Start of EXTRACTED RECORDS
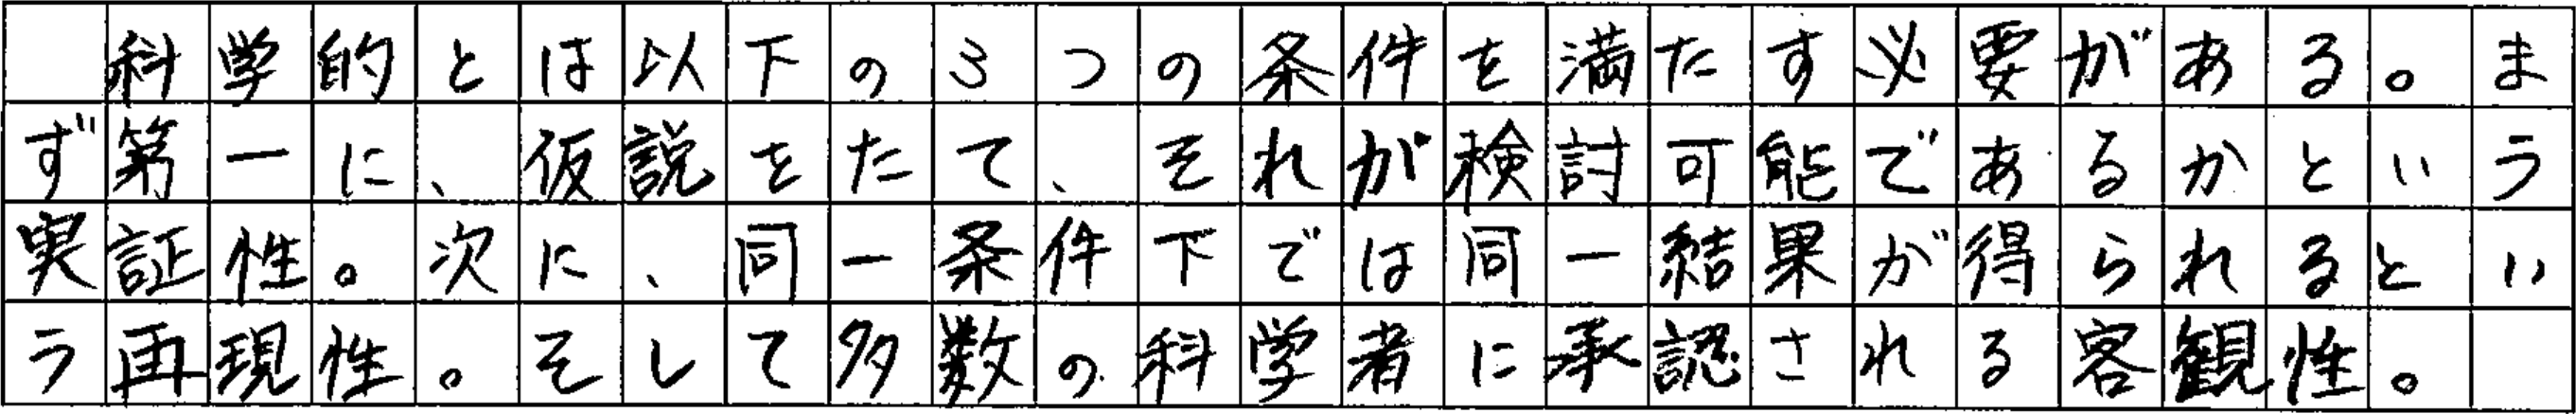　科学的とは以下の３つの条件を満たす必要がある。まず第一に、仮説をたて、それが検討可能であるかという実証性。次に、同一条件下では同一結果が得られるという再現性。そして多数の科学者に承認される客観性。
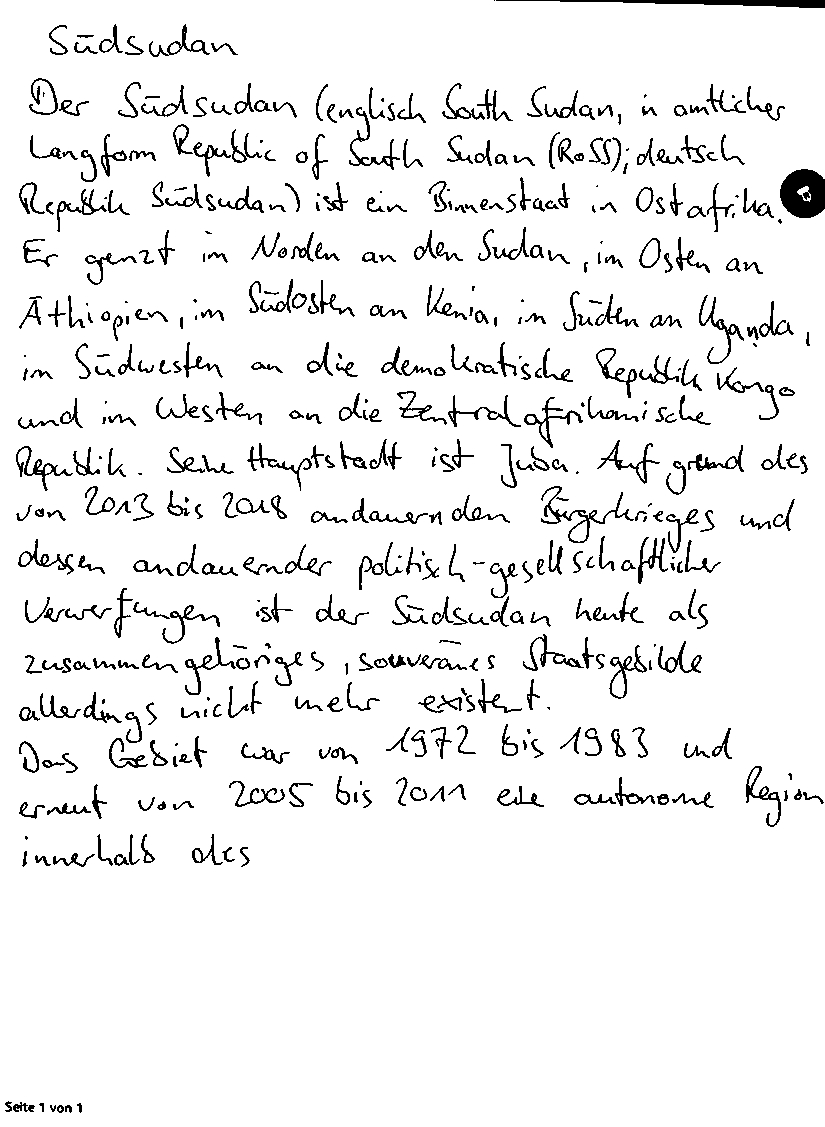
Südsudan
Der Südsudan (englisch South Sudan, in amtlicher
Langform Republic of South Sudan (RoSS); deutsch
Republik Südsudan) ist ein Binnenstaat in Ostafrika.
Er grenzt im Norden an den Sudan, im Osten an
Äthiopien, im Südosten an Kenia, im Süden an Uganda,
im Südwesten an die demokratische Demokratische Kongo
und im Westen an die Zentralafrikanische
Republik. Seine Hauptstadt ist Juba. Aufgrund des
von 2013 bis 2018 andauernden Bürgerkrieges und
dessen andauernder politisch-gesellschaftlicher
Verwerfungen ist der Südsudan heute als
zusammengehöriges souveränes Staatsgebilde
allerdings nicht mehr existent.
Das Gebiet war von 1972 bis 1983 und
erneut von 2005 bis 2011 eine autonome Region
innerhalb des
End of EXTRACTED RECORDS
Start of EXTRACTED RECORDS
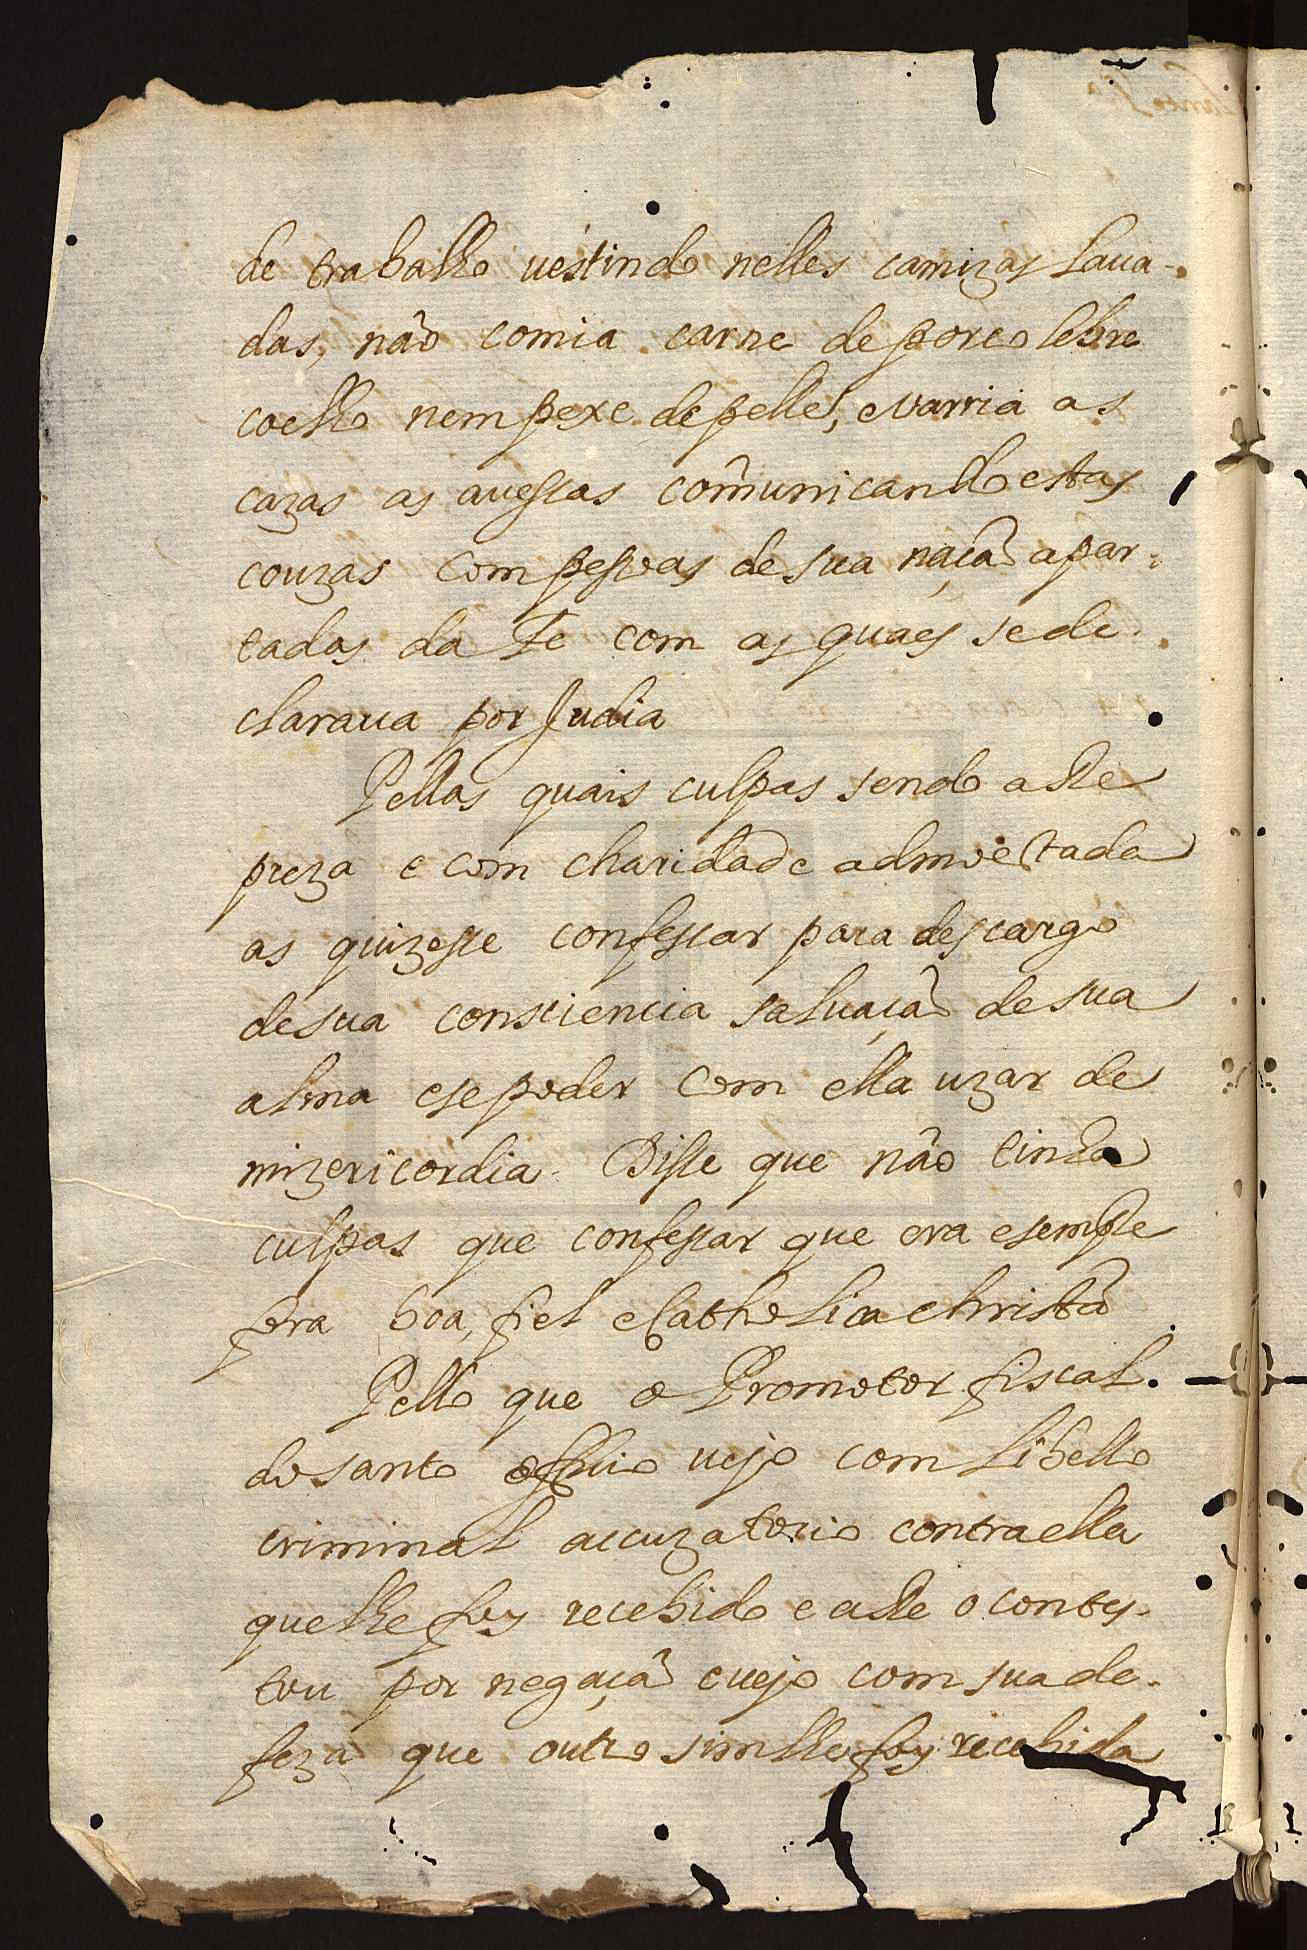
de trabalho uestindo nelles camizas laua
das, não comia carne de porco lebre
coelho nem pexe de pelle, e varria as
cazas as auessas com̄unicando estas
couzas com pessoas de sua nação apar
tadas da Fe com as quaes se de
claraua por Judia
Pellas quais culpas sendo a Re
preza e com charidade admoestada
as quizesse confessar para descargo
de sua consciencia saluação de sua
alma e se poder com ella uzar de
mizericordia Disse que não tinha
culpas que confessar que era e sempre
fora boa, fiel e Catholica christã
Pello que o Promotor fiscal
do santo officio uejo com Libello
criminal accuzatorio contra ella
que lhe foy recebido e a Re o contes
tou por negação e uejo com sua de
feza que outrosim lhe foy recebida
End of EXTRACTED RECORDS
Start of EXTRACTED RECORDS
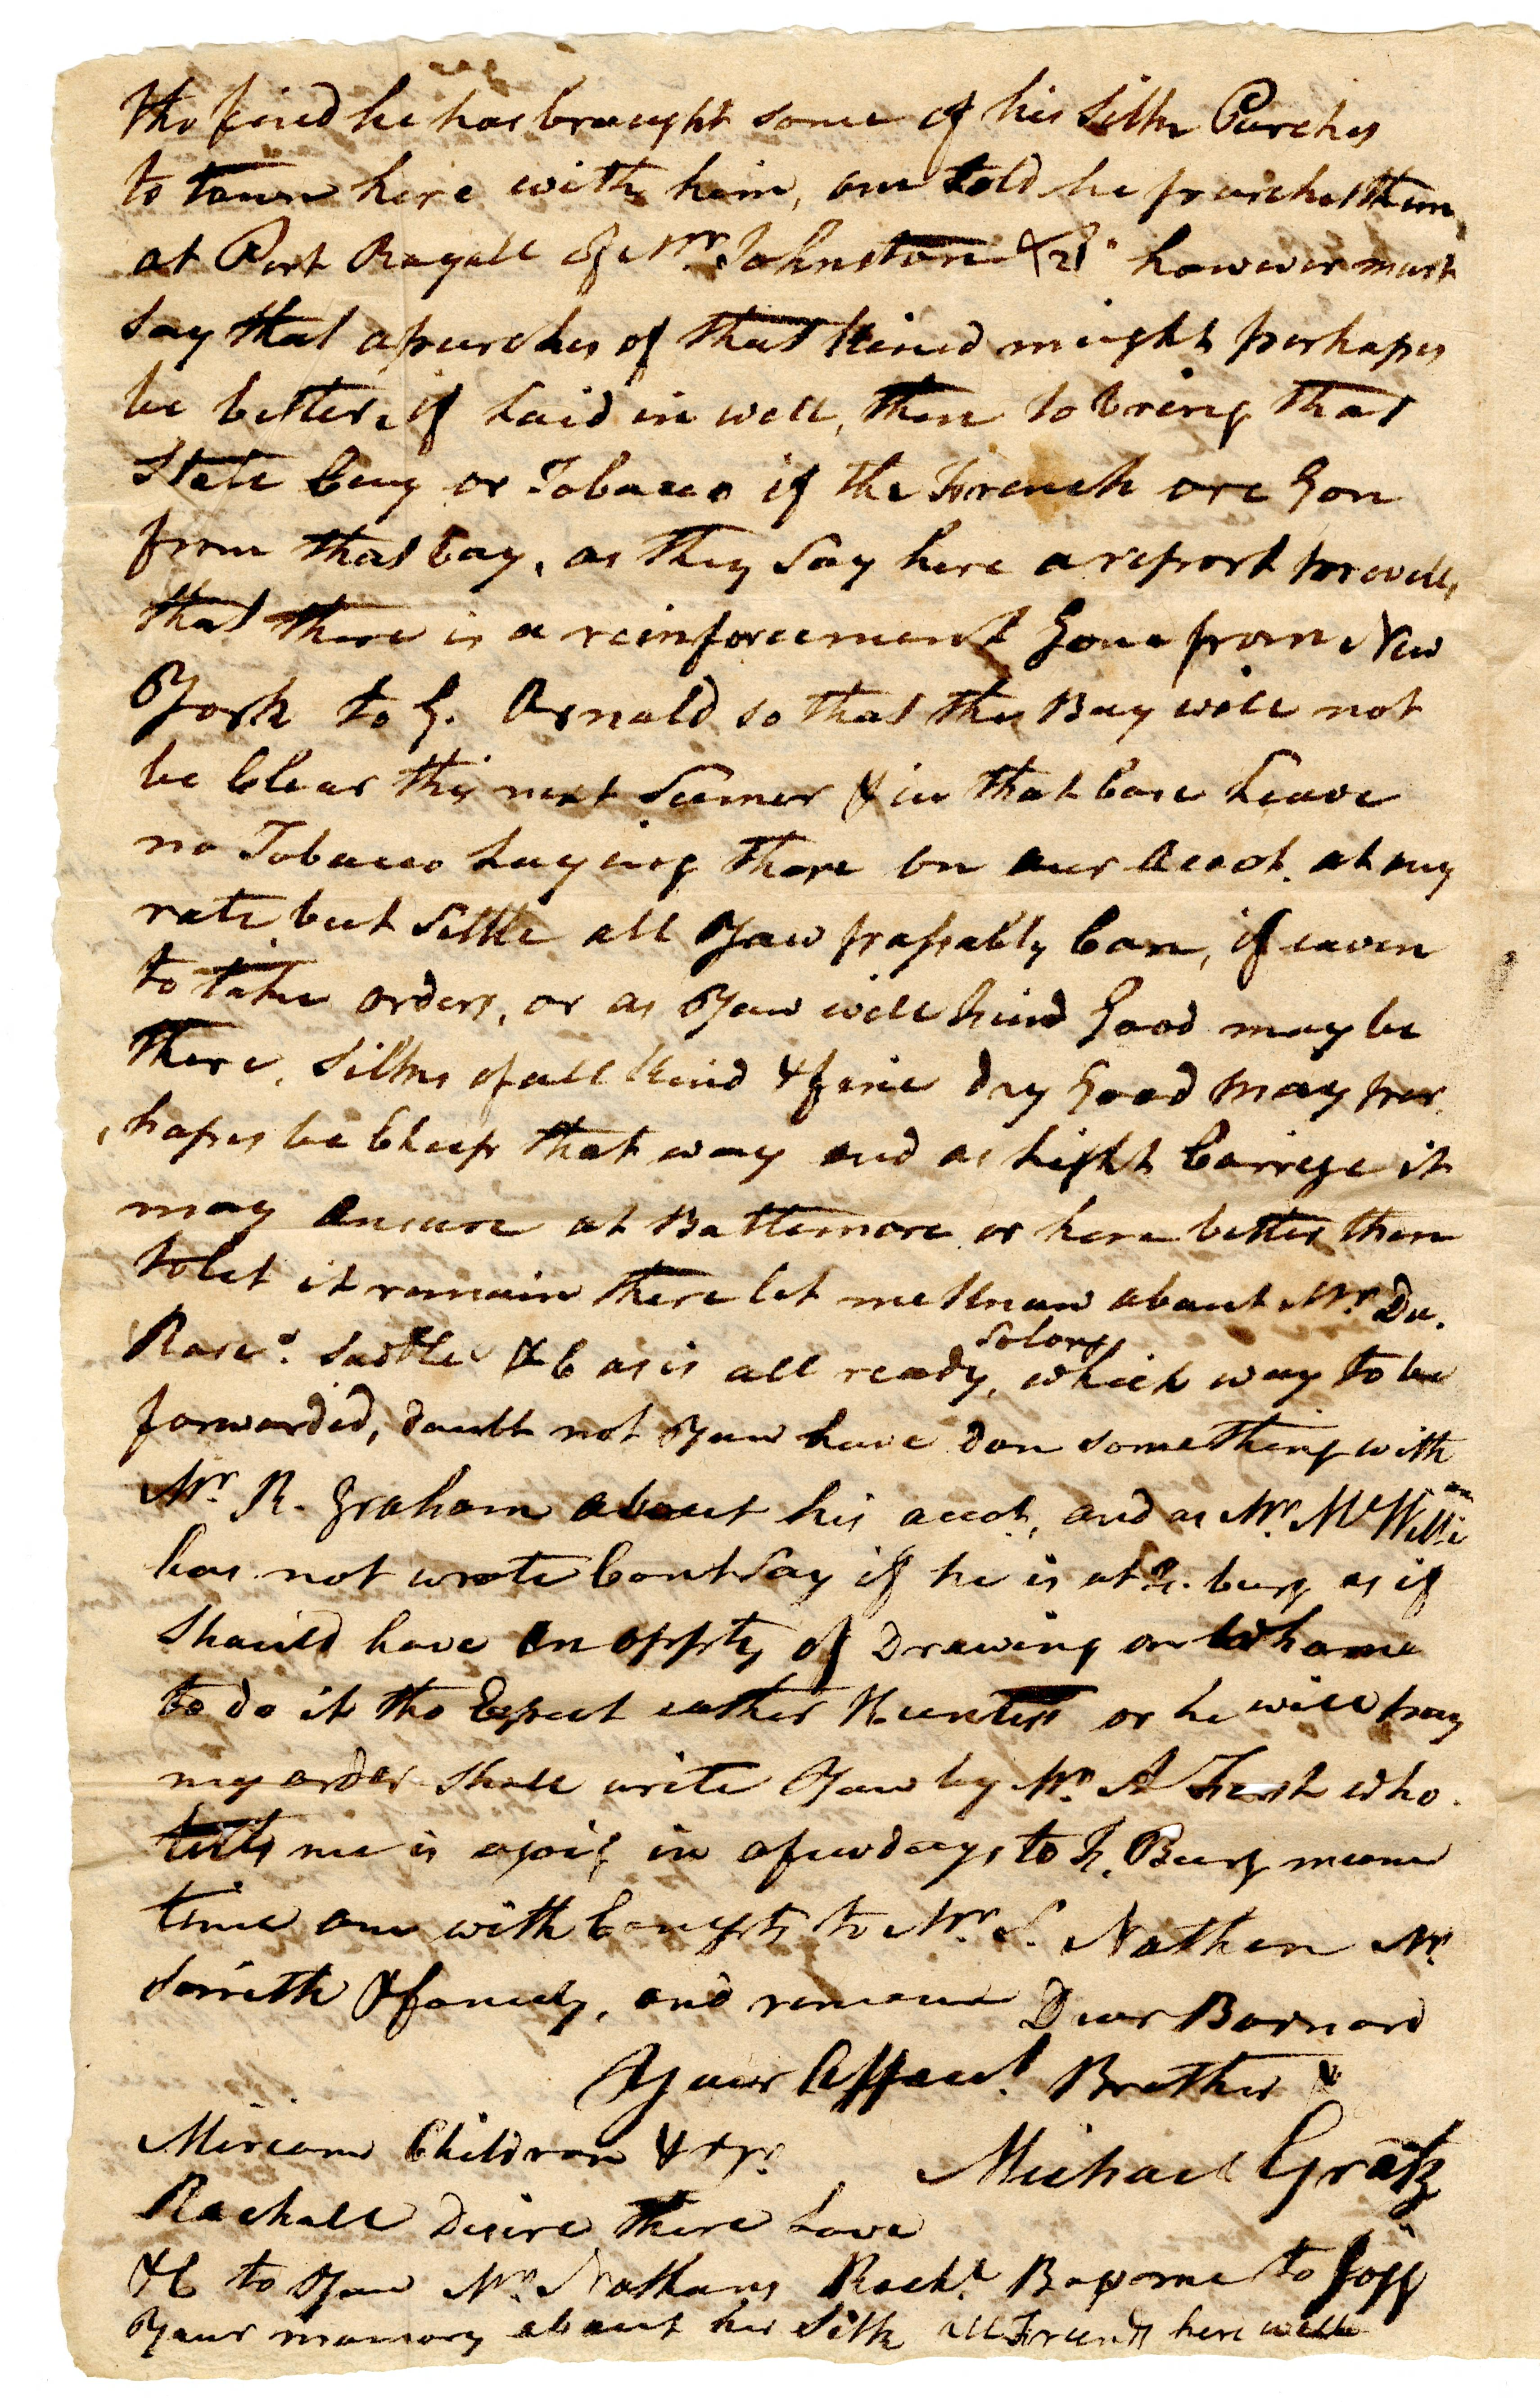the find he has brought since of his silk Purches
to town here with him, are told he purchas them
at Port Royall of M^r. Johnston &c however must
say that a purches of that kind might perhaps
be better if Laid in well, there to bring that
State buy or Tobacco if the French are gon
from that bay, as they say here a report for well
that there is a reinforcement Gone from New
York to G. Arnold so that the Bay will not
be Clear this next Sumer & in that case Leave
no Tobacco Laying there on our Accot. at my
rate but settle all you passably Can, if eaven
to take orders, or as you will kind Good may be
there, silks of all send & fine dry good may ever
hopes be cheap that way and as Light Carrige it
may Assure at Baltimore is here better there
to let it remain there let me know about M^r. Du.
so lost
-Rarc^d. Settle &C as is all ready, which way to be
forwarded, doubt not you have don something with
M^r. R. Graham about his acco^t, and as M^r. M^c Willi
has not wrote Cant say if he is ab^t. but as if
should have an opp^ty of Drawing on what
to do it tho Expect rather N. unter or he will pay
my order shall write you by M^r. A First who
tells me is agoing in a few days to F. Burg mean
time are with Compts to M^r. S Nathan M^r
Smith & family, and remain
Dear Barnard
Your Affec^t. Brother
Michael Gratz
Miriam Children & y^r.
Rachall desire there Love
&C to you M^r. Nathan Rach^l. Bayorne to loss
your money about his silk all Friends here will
End of EXTRACTED RECORDS
=== THE PROBLEM ===
What you return must be the lines above that run from the line with "-Rarc^d. Settle &C" to the line with "to do it tho", inclusive, each copied exactly.

=== THE ANSWER ===
-Rarc^d. Settle &C as is all ready, which way to be
forwarded, doubt not you have don something with
M^r. R. Graham about his acco^t, and as M^r. M^c Willi
has not wrote Cant say if he is ab^t. but as if
should have an opp^ty of Drawing on what
to do it tho Expect rather N. unter or he will pay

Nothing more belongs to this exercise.